Evidence

What the literature tells us

Model Performance

ML models consistently achieve AUC >0.80 for high-acuity ED outcomes including ICU transfer and hospital admission (Rajpurkar et al., 2022; Topol, 2019).
NLP on free-text triage notes significantly improves classification accuracy over structured data alone — the core motivation for ClinAssist's dual-model architecture.
XGBoost and gradient boosting outperform simpler models across diverse ED populations in recent systematic reviews.
Clinician trust remains the primary barrier to adoption — not model performance — underscoring why explainability is central, not optional (Lundberg & Lee, 2017).

Multimodal Integration

Co-attention transformers for multimodal clinical data (Chen et al., ICCV 2022) provide theoretical grounding for ClinAssist's unified inference layer.
Attention-based NLP (Vaswani et al., 2017) forms the backbone of ClinAssist's clinical notes module, enabling both prediction and explanation from free text.

Open Datasets

MIMIC-IV — Beth Israel Deaconess Medical Centre. 300,000+ ICU and ED admissions.

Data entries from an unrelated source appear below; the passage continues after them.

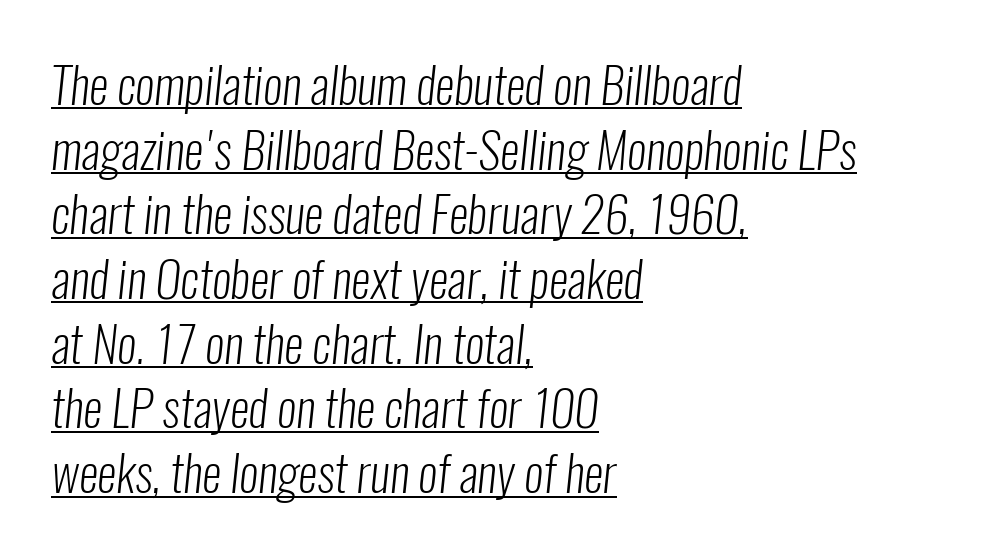
{"serif": "no", "bold": "no", "weight": "light", "width": "condensed", "stroke_contrast": "low", "x_height": "medium", "monospaced": "no", "underline": "yes", "align": "left", "line_spacing": "normal", "line_spacing_ratio": 1.32, "letter_spacing": "normal", "letter_spacing_em": 0.0, "glyph_px": 49}
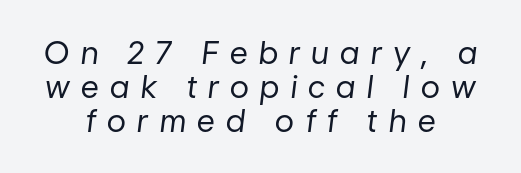
Q: Is the text bold? A: No.
Q: Is the text italic (slanted)? A: Yes, it leans right by about 7 degrees.
Q: Is the text underlined? A: No.
Q: How is the paragraph aligned? A: Centered.
Q: Is the spacing between letters normal or unusually wide? A: Unusually wide.
Q: Is the spacing between lines tight, normal or loose? A: Tight.
Q: Width (condensed, normal, or wide)? A: Normal.
Q: Stroke contrast? A: Low.
Q: x-height? A: Medium.
Q: Monospaced? A: No.
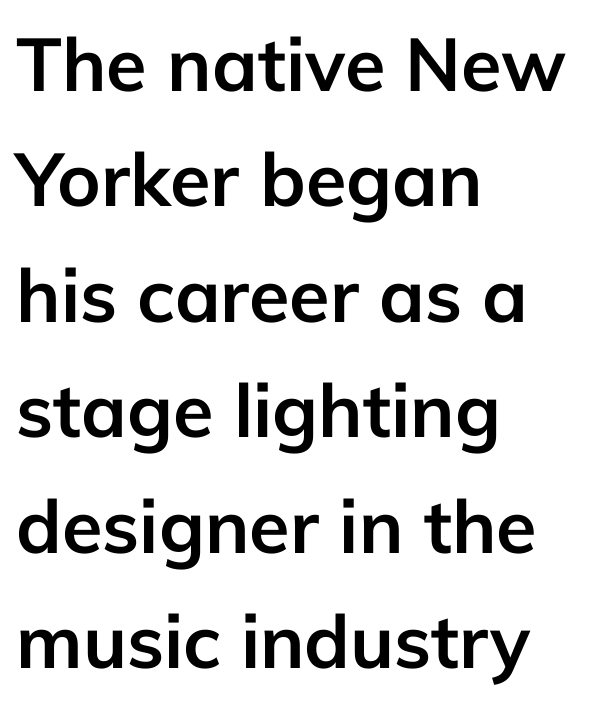
Q: Is the text bold? A: Yes.
Q: Is the text italic (slanted)? A: No, it is upright.
Q: Is the typeface a serif or a sans-serif typeface? A: Sans-serif.
Q: Is the text underlined? A: No.
Q: How is the paragraph aligned? A: Left-aligned.
Q: Is the spacing between letters normal or unusually wide? A: Normal.
Q: Is the spacing between lines tight, normal or loose? A: Normal.
Q: Width (condensed, normal, or wide)? A: Normal.
Q: Stroke contrast? A: Low.
Q: x-height? A: Medium.
Q: Monospaced? A: No.
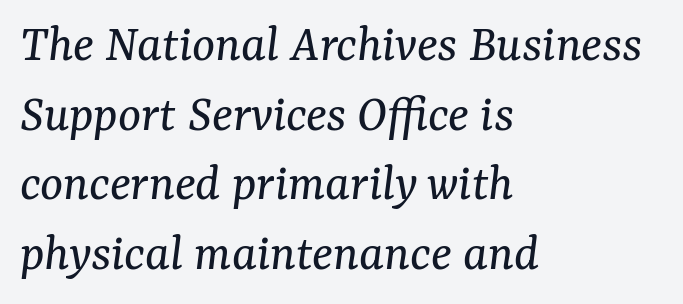
Note the varied advance widths — an 'i' is clearly narrower than an 'm'. Unlike a clean sans, this face finishes its strokes with serifs. Unbolded letterforms with no extra heft. The setting favours the left margin, as ordinary paragraphs usually do.
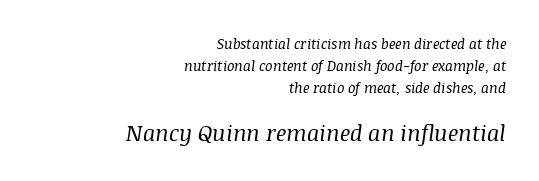
Is the type heavy? It reads as light-to-regular instead. Larger block? The one below; the one above is distinctly smaller. Here the glyphs are tracked normally, forming tight word shapes. The compositor pushed each line to the right boundary. Underline: absent. Whoever set this chose a conventional vertical rhythm.
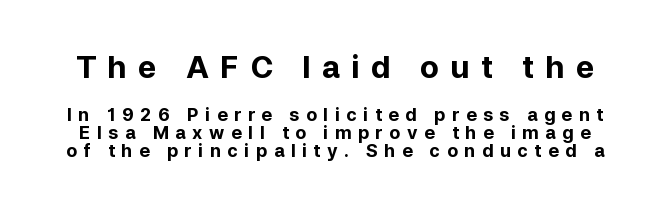
Q: Is the text bold? A: Yes.
Q: Is the text italic (slanted)? A: No, it is upright.
Q: Is the typeface a serif or a sans-serif typeface? A: Sans-serif.
Q: Is the text underlined? A: No.
Q: Is the spacing between letters normal or unusually wide? A: Unusually wide.
Q: Is the spacing between lines tight, normal or loose? A: Tight.
Q: Which block of text is set in a larger size, the first (top) or the second (bottom)? A: The first (top) one.
Q: Width (condensed, normal, or wide)? A: Normal.
Q: Stroke contrast? A: Low.
Q: x-height? A: Medium.
Q: Monospaced? A: No.
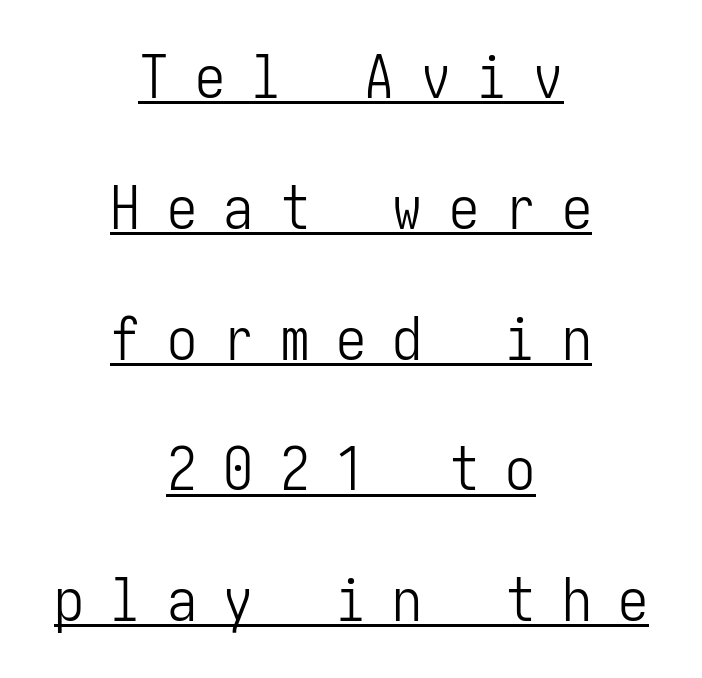
Q: Is the text bold? A: No.
Q: Is the text italic (slanted)? A: No, it is upright.
Q: Is the typeface a serif or a sans-serif typeface? A: Sans-serif.
Q: Is the text underlined? A: Yes.
Q: How is the paragraph aligned? A: Centered.
Q: Is the spacing between letters normal or unusually wide? A: Unusually wide.
Q: Is the spacing between lines tight, normal or loose? A: Loose.
Q: Width (condensed, normal, or wide)? A: Condensed.
Q: Stroke contrast? A: Low.
Q: x-height? A: Medium.

Gold standard for clinical AI model development and validation.
PhysioNet — Open repository of physiological and clinical data. Used for model development and cross-dataset validation alongside MIMIC-IV.

Regulatory Alignment

TGA guidance (Australia) — ClinAssist is designed from the ground up to align with the Therapeutic Goods Administration's AI-as-a-Medical-Device framework. Regulatory scoping is a Phase 1 deliverable.
Australian Privacy Act compliance — Data preprocessing pipelines are designed around Australian Privacy Act principles, including de-identification and consent frameworks.
IRB/Ethics approval — Formal ethics clearance for dataset access and any clinician interview or study components will be obtained in Phase 1 prior to data collection.

Research Questions

RQ1: What design principles enable AI models to provide real-time, accurate clinical predictions while maintaining explainability for non-technical end users?
RQ2: How can multimodal clinical data (structured records, imaging, time-series vitals) be integrated effectively within a single deployable pipeline?
RQ3: What validation frameworks and evaluation metrics are most appropriate for assessing AI clinical tools prior to real-world deployment?